→ EXCERPTED DATA
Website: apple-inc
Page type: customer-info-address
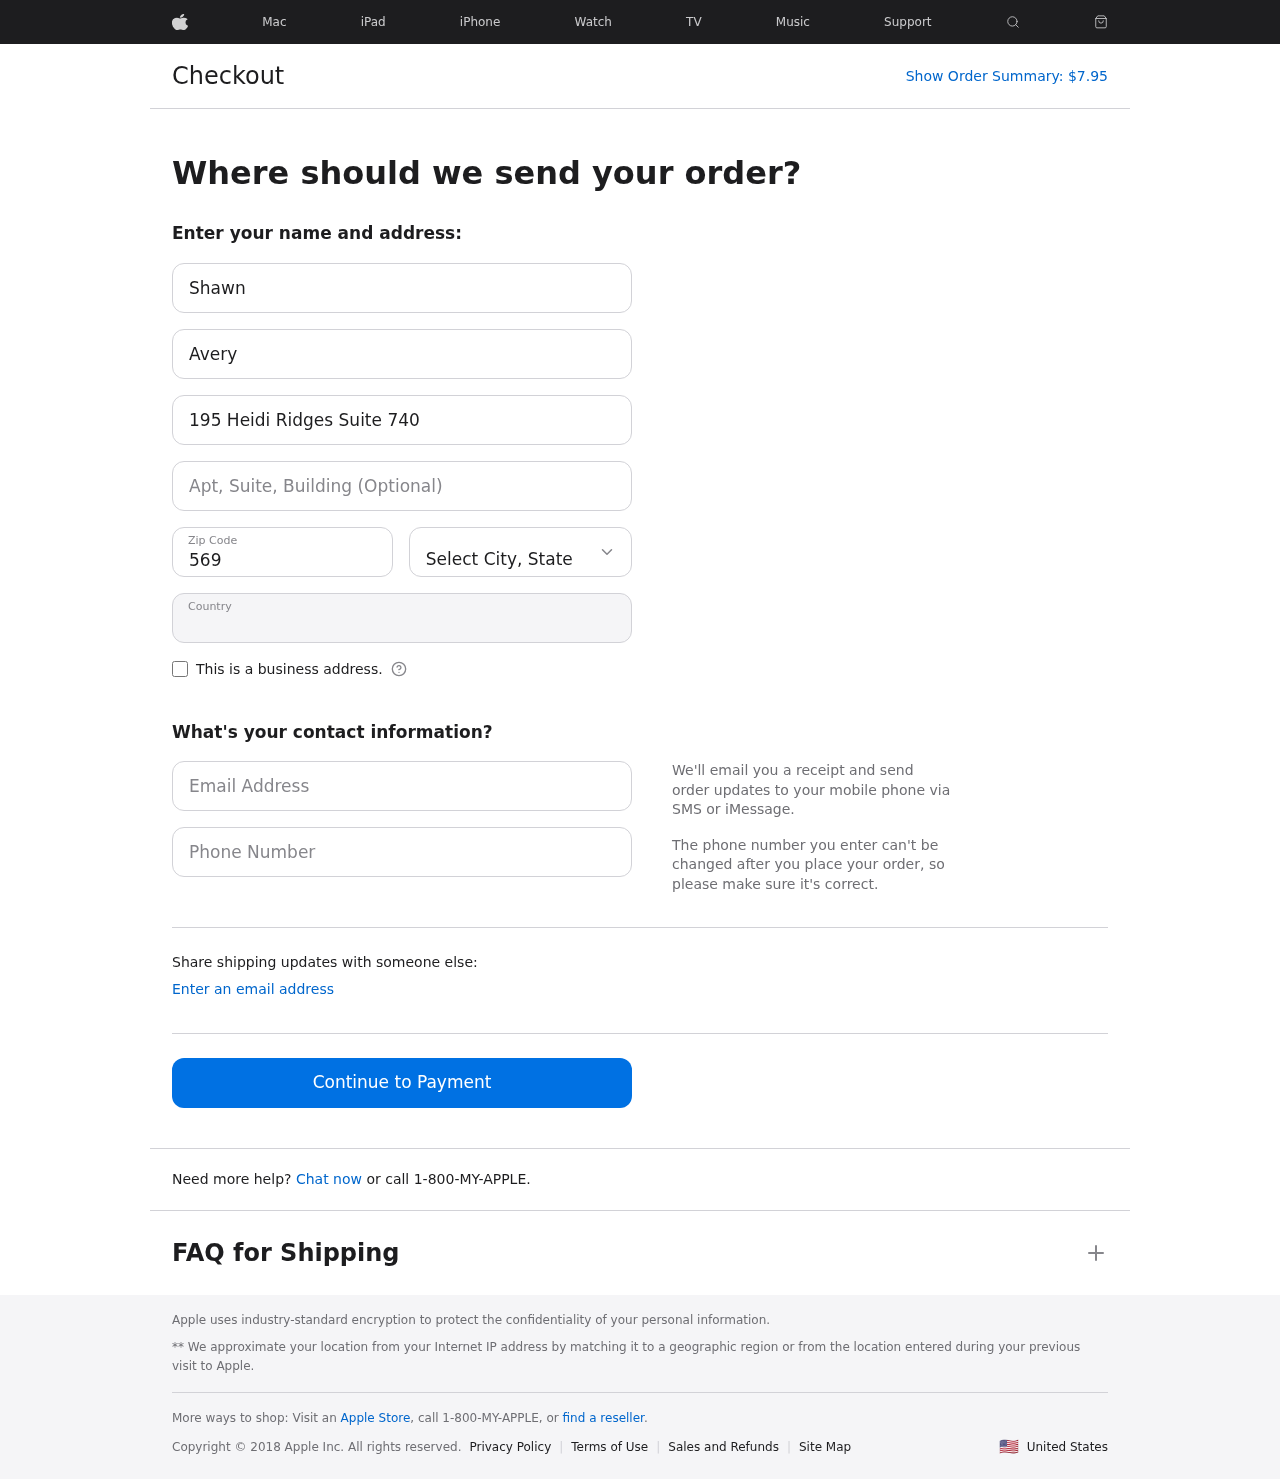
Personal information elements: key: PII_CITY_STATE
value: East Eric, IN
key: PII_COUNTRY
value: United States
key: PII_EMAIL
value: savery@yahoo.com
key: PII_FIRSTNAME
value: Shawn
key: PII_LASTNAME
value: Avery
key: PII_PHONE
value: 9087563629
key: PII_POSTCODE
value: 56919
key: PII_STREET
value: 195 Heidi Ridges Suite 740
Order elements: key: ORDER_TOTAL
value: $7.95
...
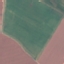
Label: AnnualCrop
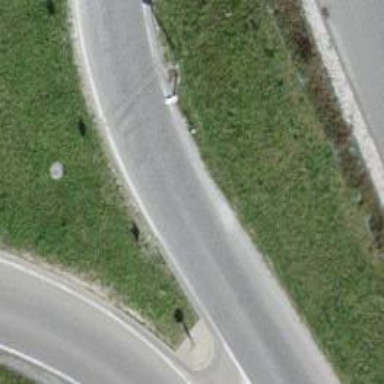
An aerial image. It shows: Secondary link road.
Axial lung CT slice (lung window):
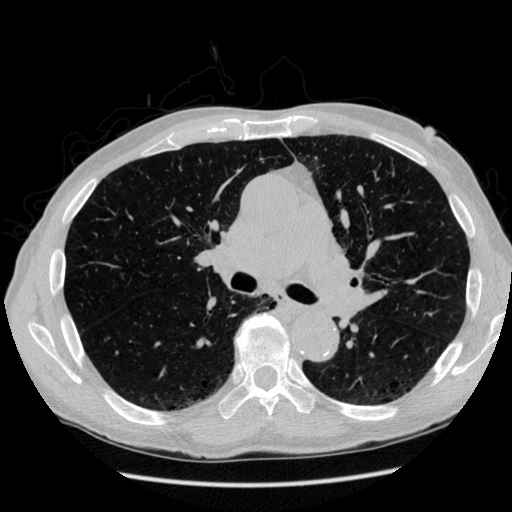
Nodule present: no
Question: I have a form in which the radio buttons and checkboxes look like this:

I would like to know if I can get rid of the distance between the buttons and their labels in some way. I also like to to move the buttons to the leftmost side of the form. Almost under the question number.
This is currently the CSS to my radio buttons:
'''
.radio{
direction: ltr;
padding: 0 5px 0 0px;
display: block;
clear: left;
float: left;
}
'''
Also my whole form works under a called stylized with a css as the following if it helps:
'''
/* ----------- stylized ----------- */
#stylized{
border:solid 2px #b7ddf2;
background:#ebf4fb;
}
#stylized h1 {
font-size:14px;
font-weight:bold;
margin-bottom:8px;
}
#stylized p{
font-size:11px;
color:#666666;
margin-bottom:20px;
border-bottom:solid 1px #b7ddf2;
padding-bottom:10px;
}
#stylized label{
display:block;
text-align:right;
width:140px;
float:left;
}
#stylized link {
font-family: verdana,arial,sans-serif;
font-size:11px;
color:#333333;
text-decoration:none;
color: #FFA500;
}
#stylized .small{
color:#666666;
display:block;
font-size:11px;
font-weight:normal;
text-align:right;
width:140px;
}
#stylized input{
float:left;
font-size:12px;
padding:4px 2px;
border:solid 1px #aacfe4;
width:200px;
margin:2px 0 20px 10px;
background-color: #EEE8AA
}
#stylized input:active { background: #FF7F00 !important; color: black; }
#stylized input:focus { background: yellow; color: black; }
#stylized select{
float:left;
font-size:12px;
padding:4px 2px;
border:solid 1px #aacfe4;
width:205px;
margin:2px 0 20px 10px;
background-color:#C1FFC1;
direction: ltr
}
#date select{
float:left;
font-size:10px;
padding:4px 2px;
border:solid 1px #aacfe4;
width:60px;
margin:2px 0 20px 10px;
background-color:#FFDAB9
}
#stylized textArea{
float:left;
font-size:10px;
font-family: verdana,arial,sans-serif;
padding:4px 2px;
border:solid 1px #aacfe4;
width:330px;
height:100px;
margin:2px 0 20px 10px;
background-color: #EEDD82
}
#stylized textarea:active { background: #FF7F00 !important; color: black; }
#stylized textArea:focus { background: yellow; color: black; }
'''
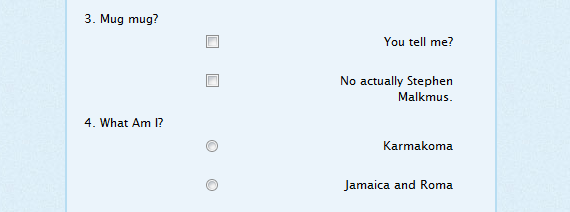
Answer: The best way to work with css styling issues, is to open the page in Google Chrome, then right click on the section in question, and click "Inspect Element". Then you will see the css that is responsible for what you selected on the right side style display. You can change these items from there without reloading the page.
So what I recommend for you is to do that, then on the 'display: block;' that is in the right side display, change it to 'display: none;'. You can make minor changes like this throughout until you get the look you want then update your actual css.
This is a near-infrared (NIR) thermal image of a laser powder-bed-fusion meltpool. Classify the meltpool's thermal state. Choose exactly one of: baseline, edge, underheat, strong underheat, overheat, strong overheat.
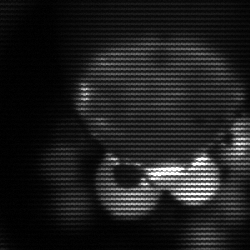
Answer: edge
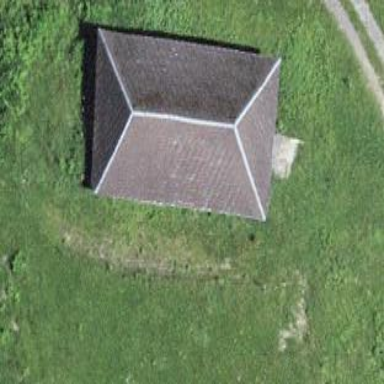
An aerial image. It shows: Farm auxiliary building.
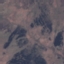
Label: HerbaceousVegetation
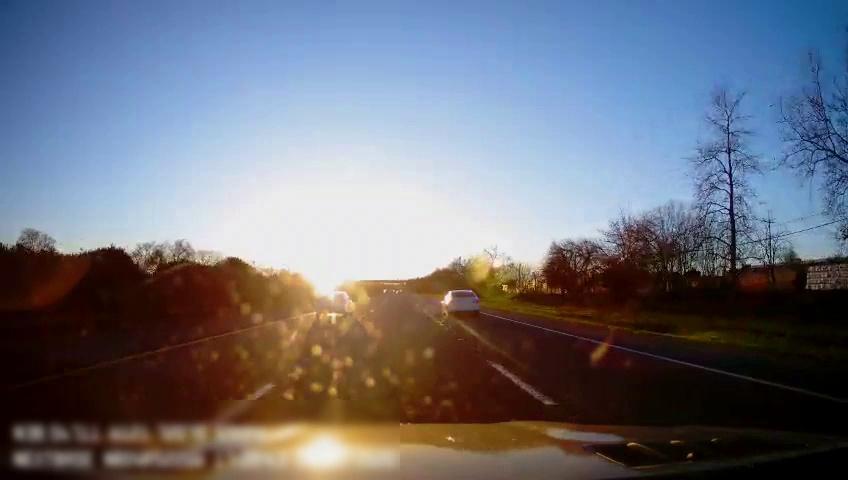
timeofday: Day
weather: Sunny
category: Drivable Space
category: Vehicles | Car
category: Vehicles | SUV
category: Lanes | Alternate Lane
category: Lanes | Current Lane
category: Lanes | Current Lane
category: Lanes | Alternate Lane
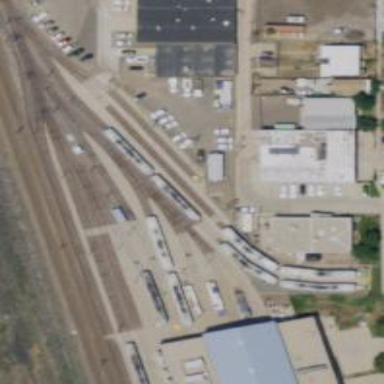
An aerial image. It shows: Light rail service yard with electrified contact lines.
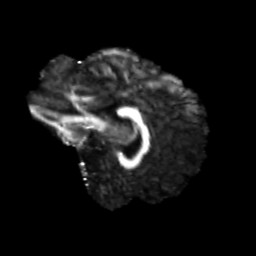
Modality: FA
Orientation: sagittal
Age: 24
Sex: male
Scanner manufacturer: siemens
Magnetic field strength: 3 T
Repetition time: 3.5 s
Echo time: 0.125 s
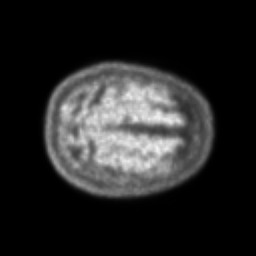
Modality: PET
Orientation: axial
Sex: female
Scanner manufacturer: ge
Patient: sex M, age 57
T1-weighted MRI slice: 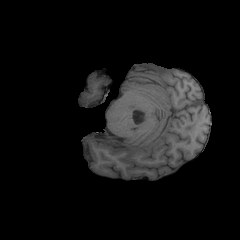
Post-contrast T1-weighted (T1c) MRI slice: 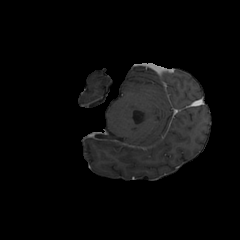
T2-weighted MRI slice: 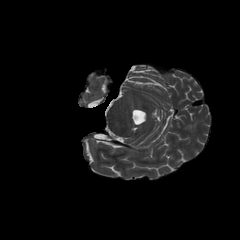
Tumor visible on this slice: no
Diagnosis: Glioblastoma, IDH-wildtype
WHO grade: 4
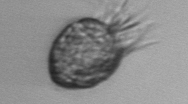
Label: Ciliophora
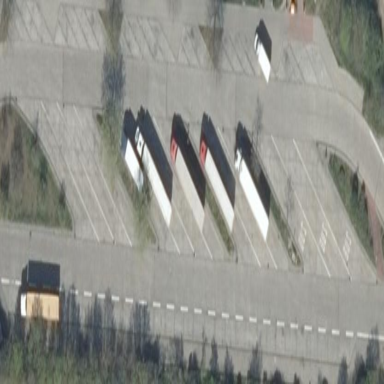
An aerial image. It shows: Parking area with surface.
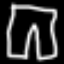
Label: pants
* * *
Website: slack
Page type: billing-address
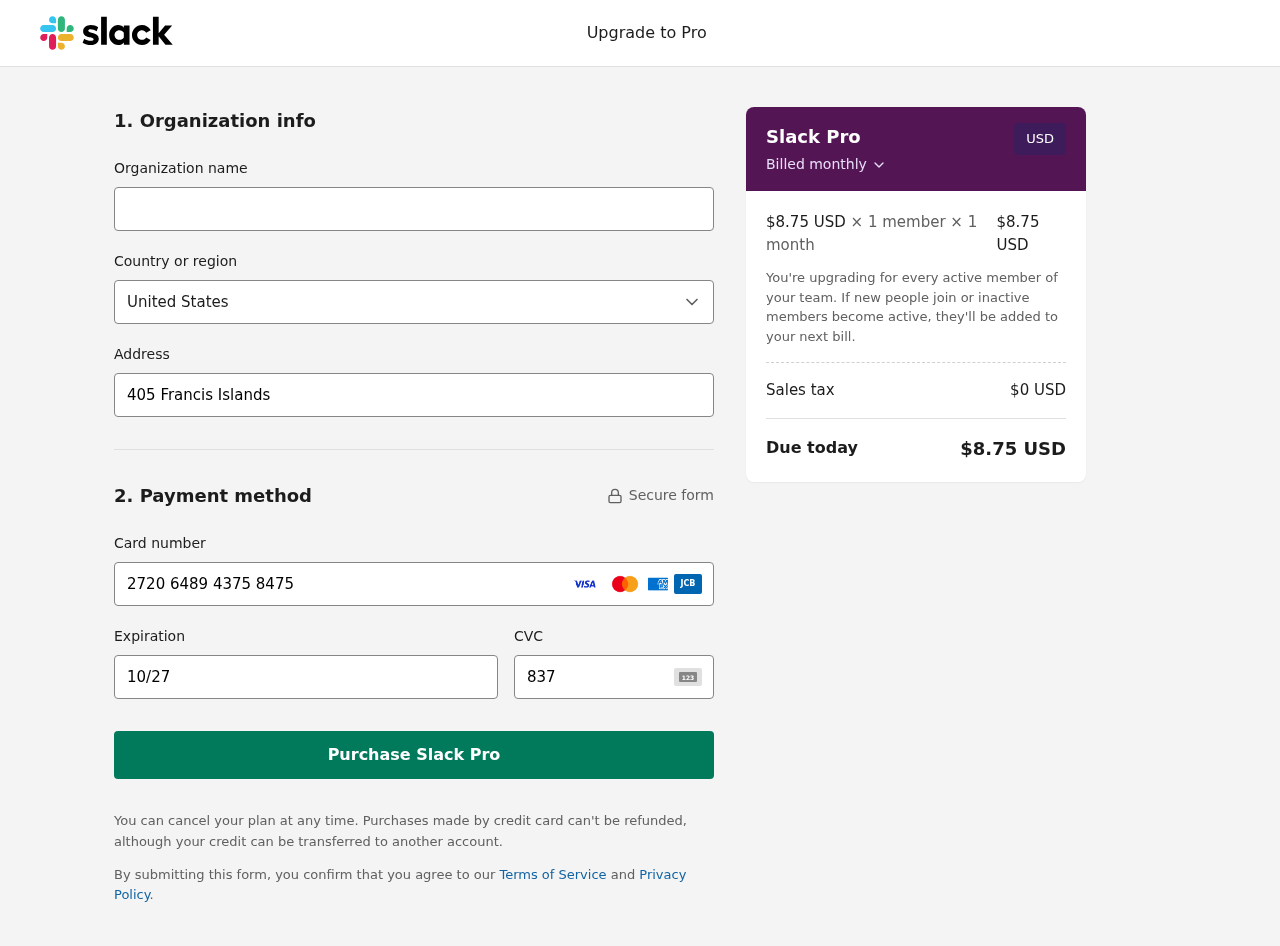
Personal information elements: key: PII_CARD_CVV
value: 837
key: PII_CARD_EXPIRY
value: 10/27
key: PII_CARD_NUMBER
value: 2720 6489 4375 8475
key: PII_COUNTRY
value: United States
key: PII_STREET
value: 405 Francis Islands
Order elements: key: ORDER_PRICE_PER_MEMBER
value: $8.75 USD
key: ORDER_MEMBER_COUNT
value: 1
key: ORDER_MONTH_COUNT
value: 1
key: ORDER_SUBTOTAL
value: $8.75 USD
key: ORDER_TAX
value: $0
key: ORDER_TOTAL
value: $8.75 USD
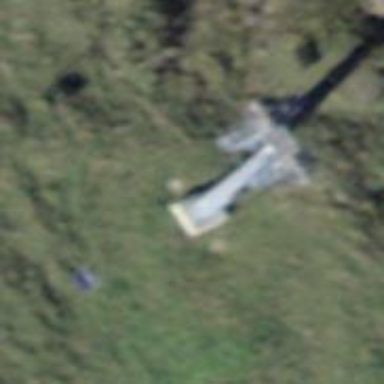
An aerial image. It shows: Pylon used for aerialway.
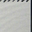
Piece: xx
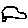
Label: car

→ YOUR INSTRUCTIONS
Beginning with the line above that contains "Website: apple-inc" and finishing with the line that contains "value: $7.95", print those lines exactly and only. Skip all pictures.

→ RESPONSE TO THIS EXERCISE
Website: apple-inc
Page type: customer-info-address
Personal information elements: key: PII_CITY_STATE
value: East Eric, IN
key: PII_COUNTRY
value: United States
key: PII_EMAIL
value: savery@yahoo.com
key: PII_FIRSTNAME
value: Shawn
key: PII_LASTNAME
value: Avery
key: PII_PHONE
value: 9087563629
key: PII_POSTCODE
value: 56919
key: PII_STREET
value: 195 Heidi Ridges Suite 740
Order elements: key: ORDER_TOTAL
value: $7.95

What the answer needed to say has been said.